Beware at the symbols exported with .globl: they must begin with an underscore to be accessible from C code (without _).

Put the following prototype in your C header:

sourcefile: plus.h

#ifndef __PLUS_H__
#define __PLUS_H__  ;we want to include header once

#ifdef __cplusplus
    extern "C" {
#endif

long plus(long a, long b);

#ifdef __cplusplus
}
#endif

#endif

The #ifdefs are necessary only if you plan to call the function from C++ code.

Below is a standalone Hello, World ! program. It has similar syntax to HiSOFT Devpac one.

sourcefile: hello.s

* A simple TOS program

	pea	msg
	move.w	#9,-(sp)
	trap	#1		| Cconws()
	addq.w	#6,sp

	move.w	#8,-(sp)
	trap	#1		| Cnecin()
	addq.w	#2,sp

	clr.w	-(sp)
	trap	#1		| Pterm0()

msg:	.ascii "Hello !\r\n\0"

The following directives will be quite useful too (they have their counterparts in Devpac) :

    .text
    .data
    .bss

    .rept
    .endr

    .dc.b
    .dc.w
    .dc.l
    .ds.b
    .ds.w
    .ds.l

GAS supports a special jump instructions named “jbsr” and “jbra”. They are replaced by the smallest possible jump instruction. For example, GCC always call the functions using jbsr.

By default, jsr XX will be replaced bu jsr XX(pc), which is very annoying when you want to determine exatly what code is generated. You can avoid this behavior by using the -S assembler option.

One word about assembler options. The assembler is m68k-atari-mint-as, but it is probably easier to always use the frontend m68k-atari-mint-gcc. If you want to pass the -S option to the assemblet by using gcc, you must use the -Wa option to forward the option to the assembler. For example :

m68k-atari-mint-gcc -c hw.s -Wa,-S

Same applies with -Wl for linker options.

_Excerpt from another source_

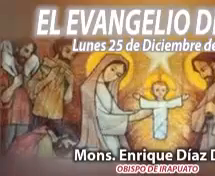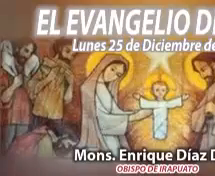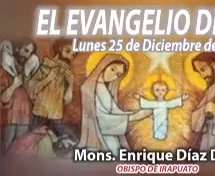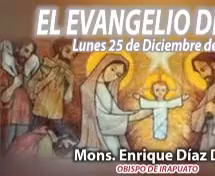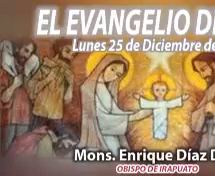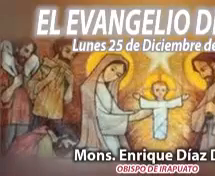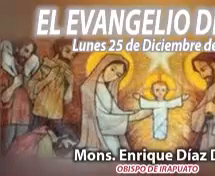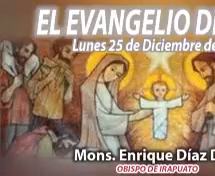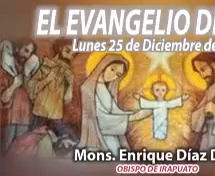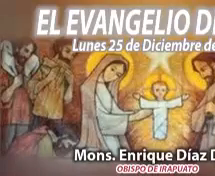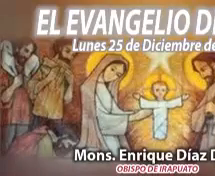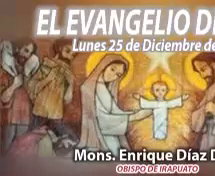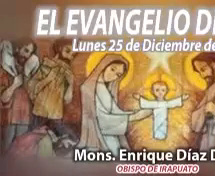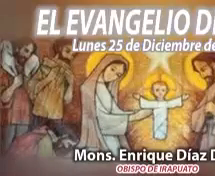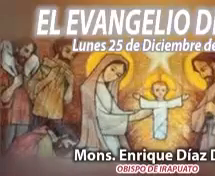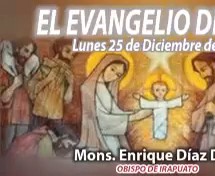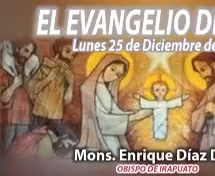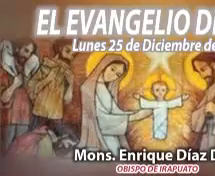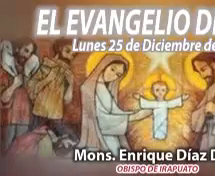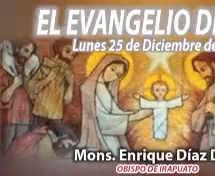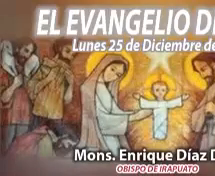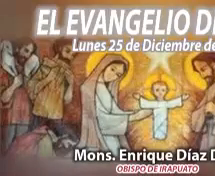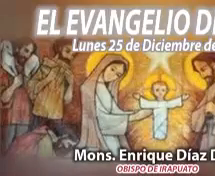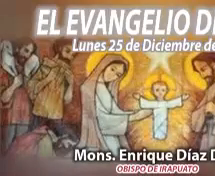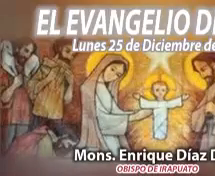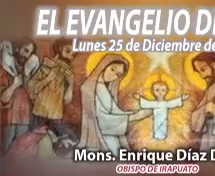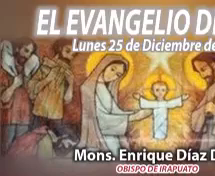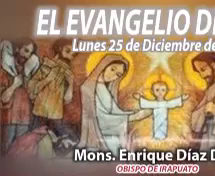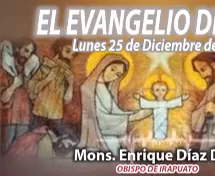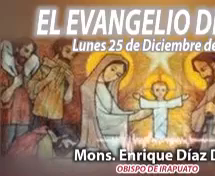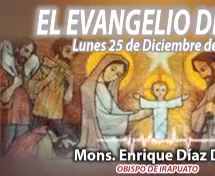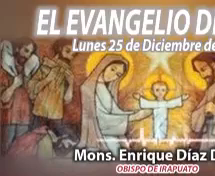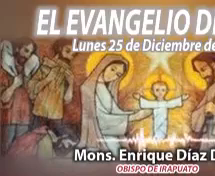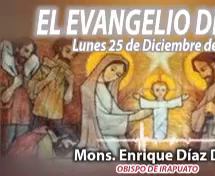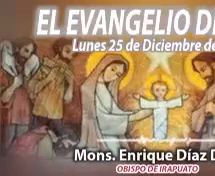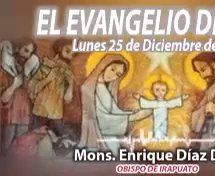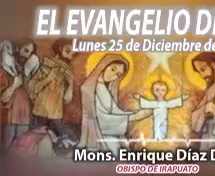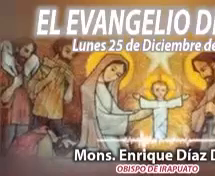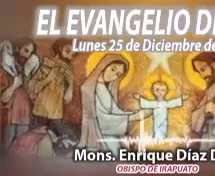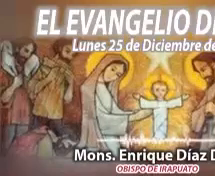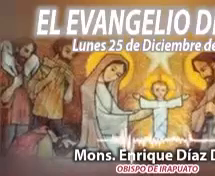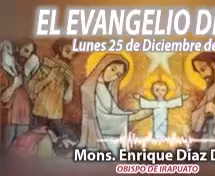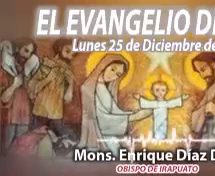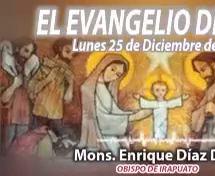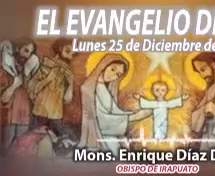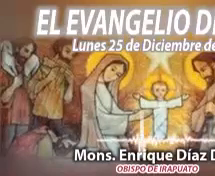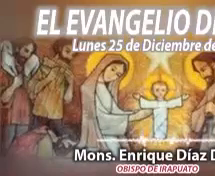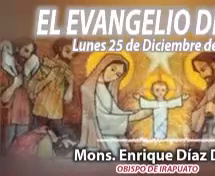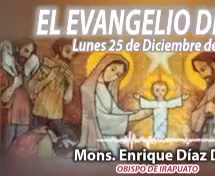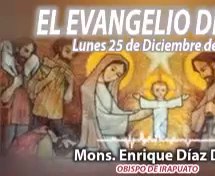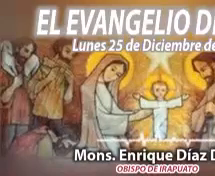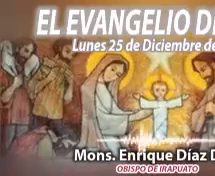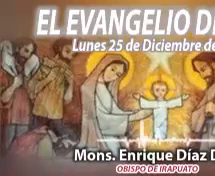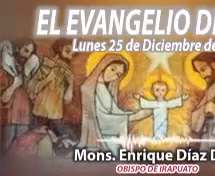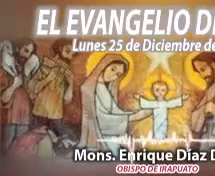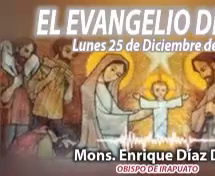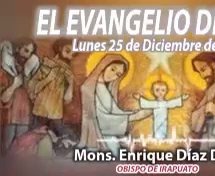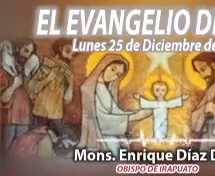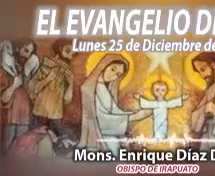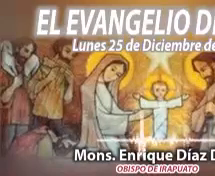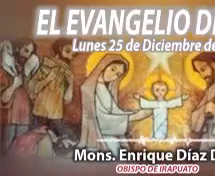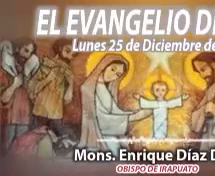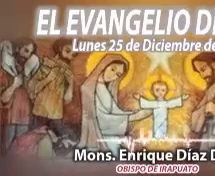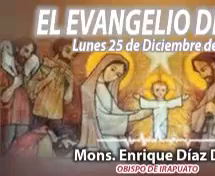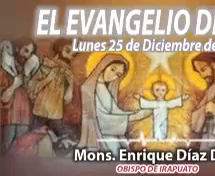Día a día, alimentándonos de la Palabra del Señor. En la voz de Monseñor Enrique Díaz,
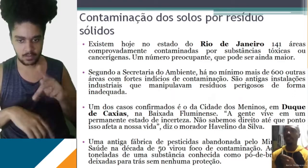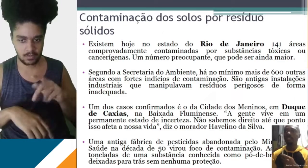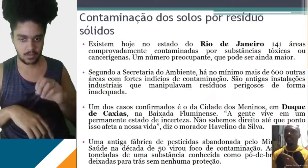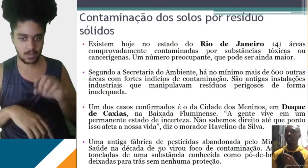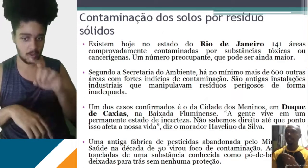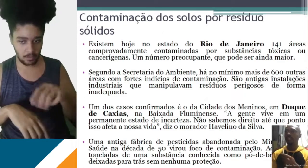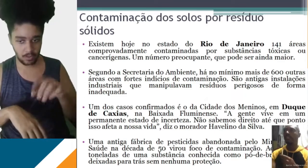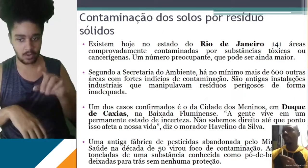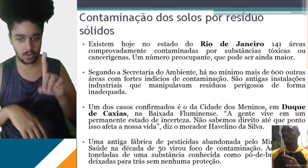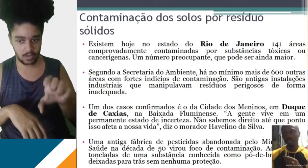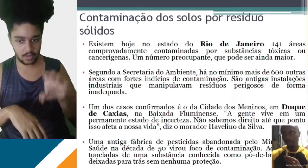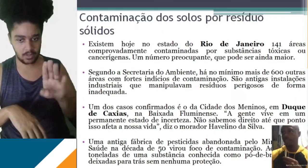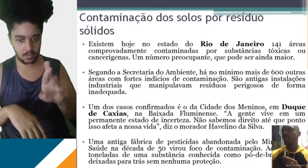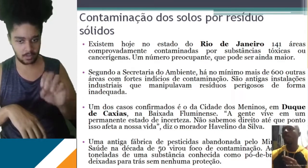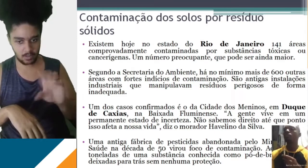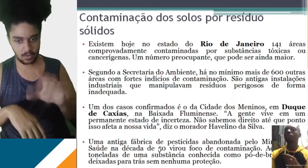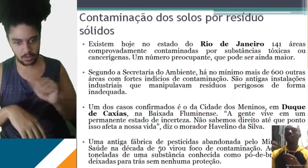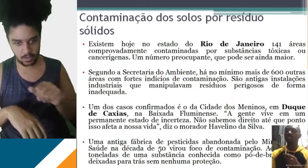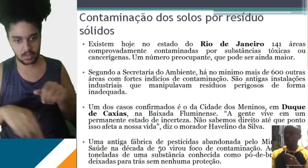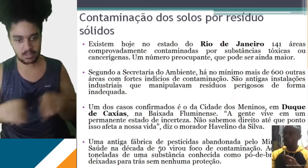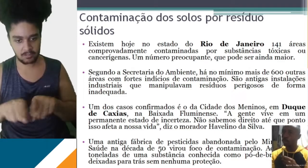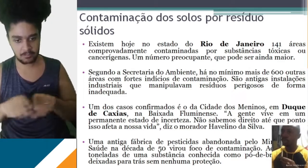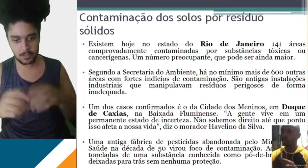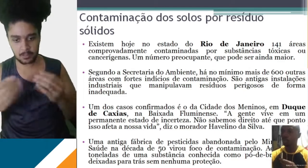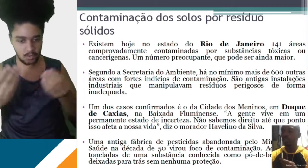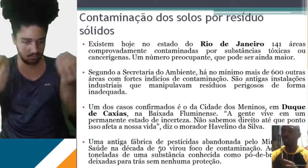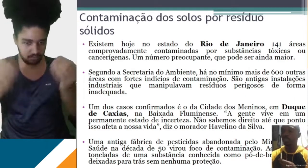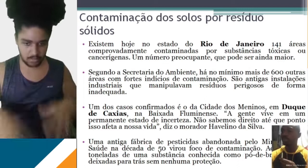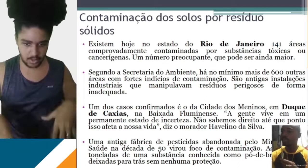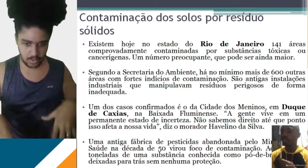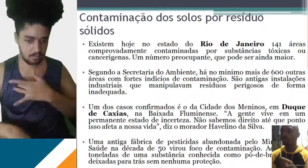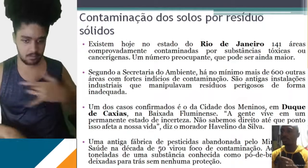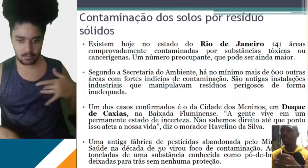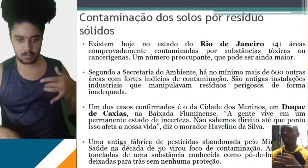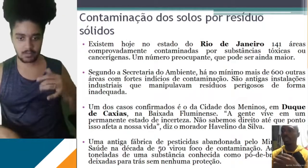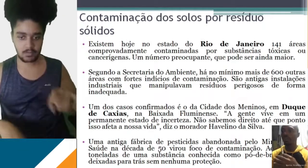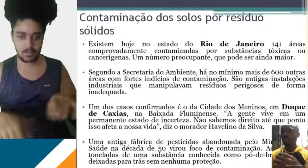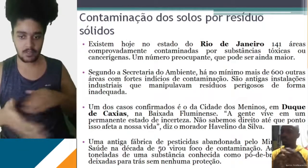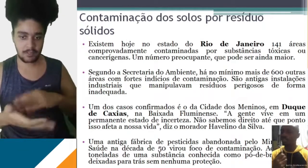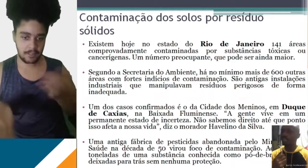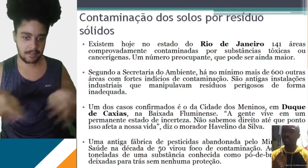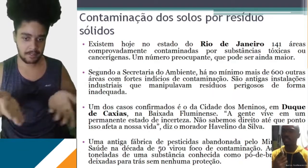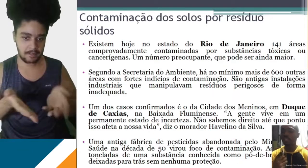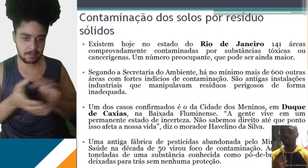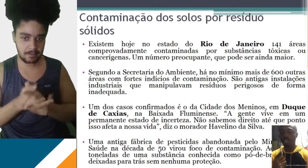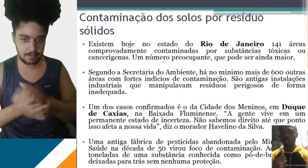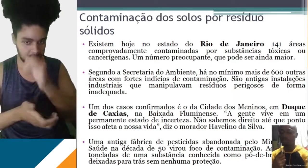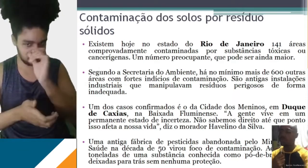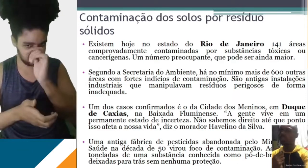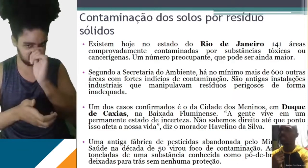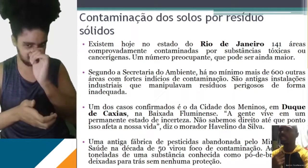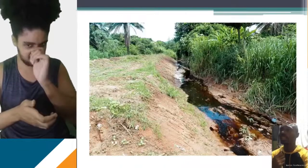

For example, if you link your program with :

m68k-atari-mint-gcc *.o -o prog.prg -Wl,--traditional-format

the generated program will contain DRI debugging information instead of GNU. Thus, gdb will be unusable, but you will see the function labels in traditional ST debuggers like MonST. Note that in that case, m68k-atari-mint-strip will be unusable, too.

GCC inline m68k assembly explained (a little )

A simple example is a wrapper around Cconws() :

static __inline__ void Cconws(const char* s)
{
    __asm__ __volatile__
    (
        "move.l %0,-(%%sp)\n\t"
        "move.w #9,-(%%sp)\n\t"
        "trap #1\n\t"
        "addq.w #6,sp\n\t"
    : /* outputs */
    : "g"(s) /* inputs */
    : "d0", "d1", "d2", "a0", "a1", "a2" /* clobbered regs */
    );
}

First, the double underscores. “__inline__” is the same as “inline”, but GCC will never complain because it is a nonstandard extension. It is very useful in .h which may be compiled with -pedantic flag for example.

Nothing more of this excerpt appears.